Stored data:
::::::

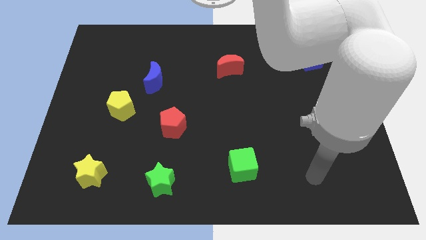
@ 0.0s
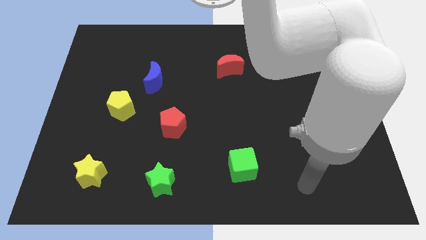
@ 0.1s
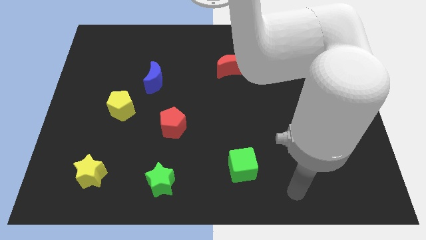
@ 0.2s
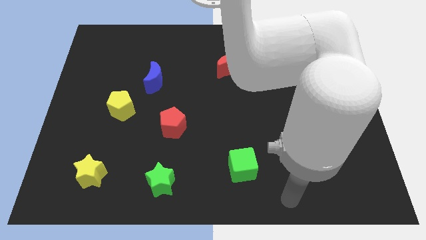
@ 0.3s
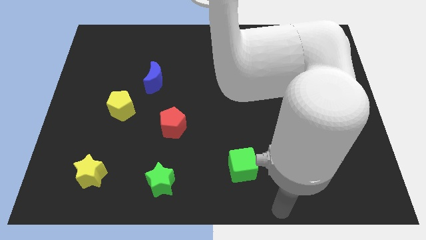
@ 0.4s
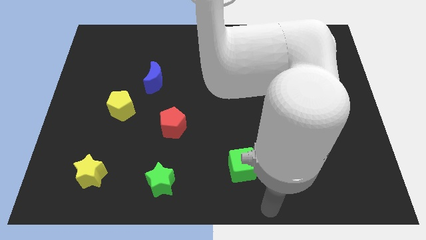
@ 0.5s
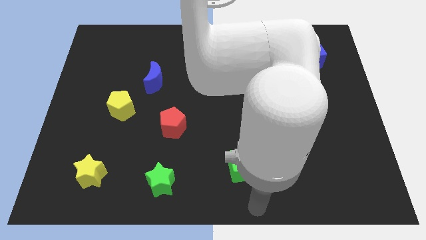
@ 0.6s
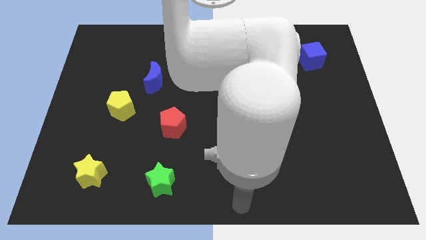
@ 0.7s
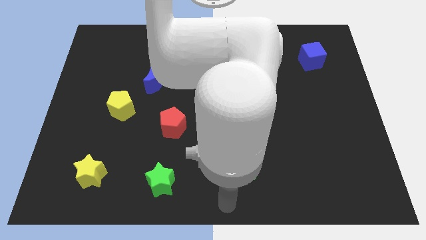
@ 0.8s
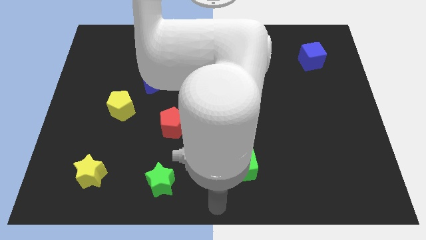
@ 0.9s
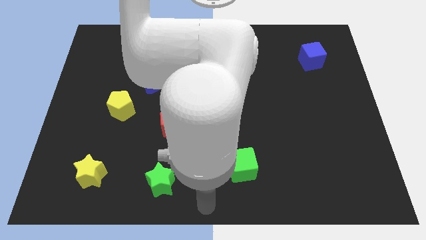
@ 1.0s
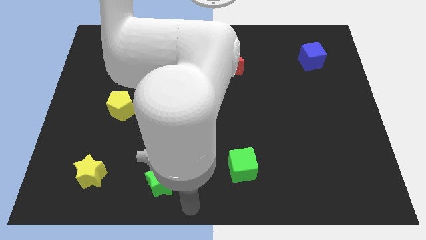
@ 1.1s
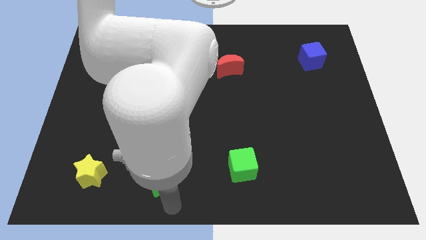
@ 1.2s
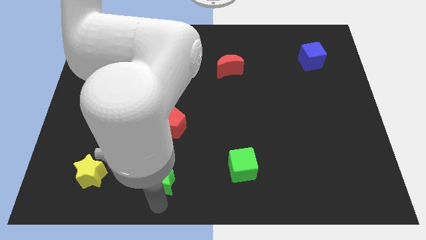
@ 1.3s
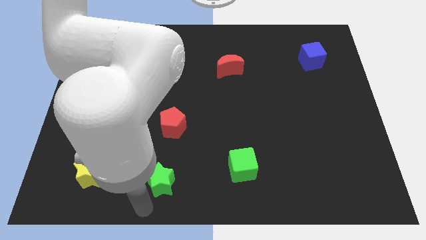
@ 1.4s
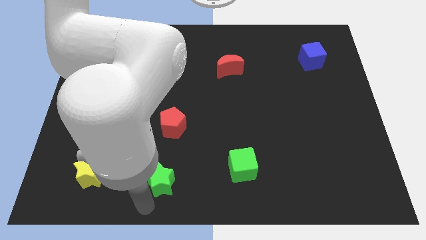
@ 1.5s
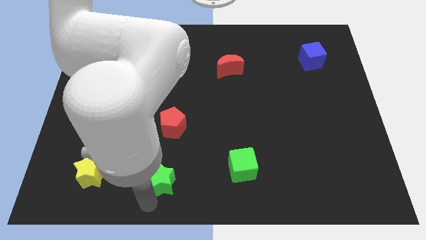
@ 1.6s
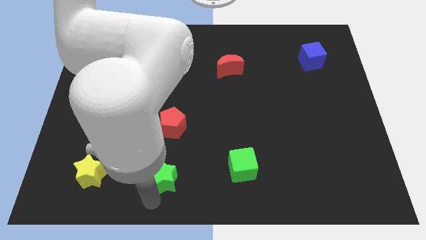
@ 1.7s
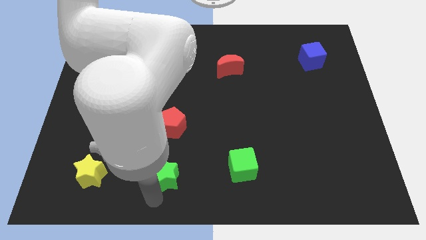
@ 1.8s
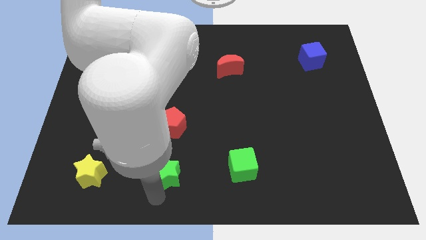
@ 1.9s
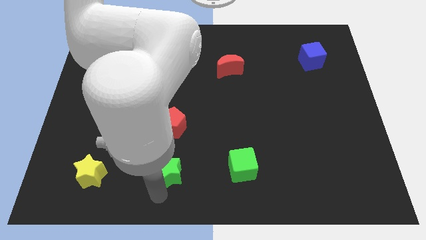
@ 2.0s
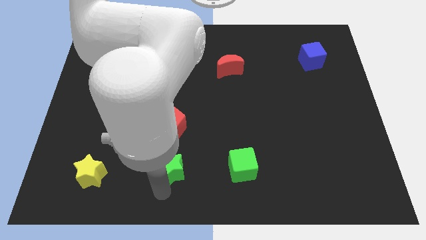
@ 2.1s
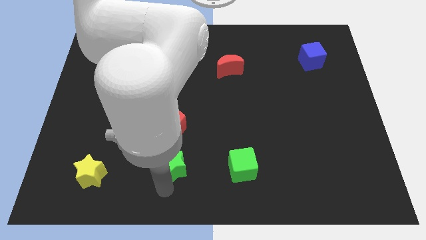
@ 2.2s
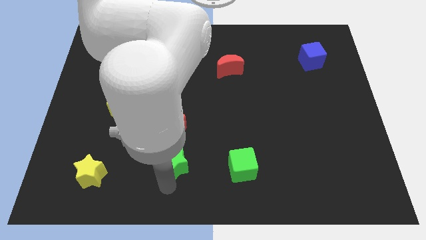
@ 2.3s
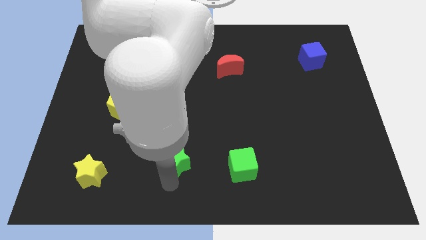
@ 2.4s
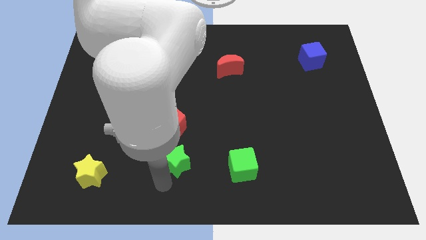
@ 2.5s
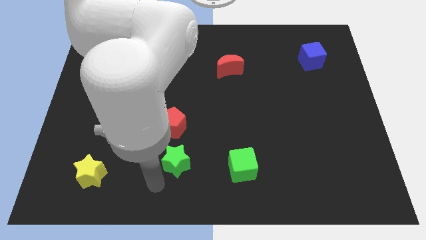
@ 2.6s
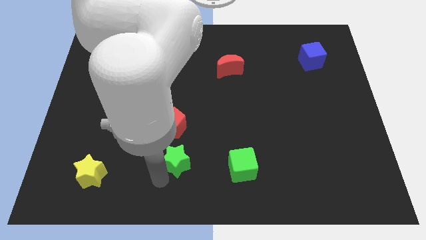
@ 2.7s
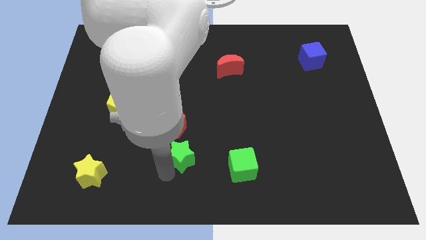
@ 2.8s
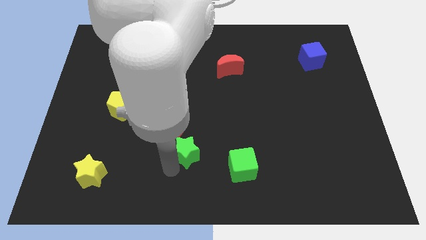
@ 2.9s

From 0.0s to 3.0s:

::::::

A verbatim copy of the records is needed, with all images omitted.

Exercise answer.
@ 0.0s
@ 0.1s
@ 0.2s
@ 0.3s
@ 0.4s
@ 0.5s
@ 0.6s
@ 0.7s
@ 0.8s
@ 0.9s
@ 1.0s
@ 1.1s
@ 1.2s
@ 1.3s
@ 1.4s
@ 1.5s
@ 1.6s
@ 1.7s
@ 1.8s
@ 1.9s
@ 2.0s
@ 2.1s
@ 2.2s
@ 2.3s
@ 2.4s
@ 2.5s
@ 2.6s
@ 2.7s
@ 2.8s
@ 2.9s

From 0.0s to 3.0s:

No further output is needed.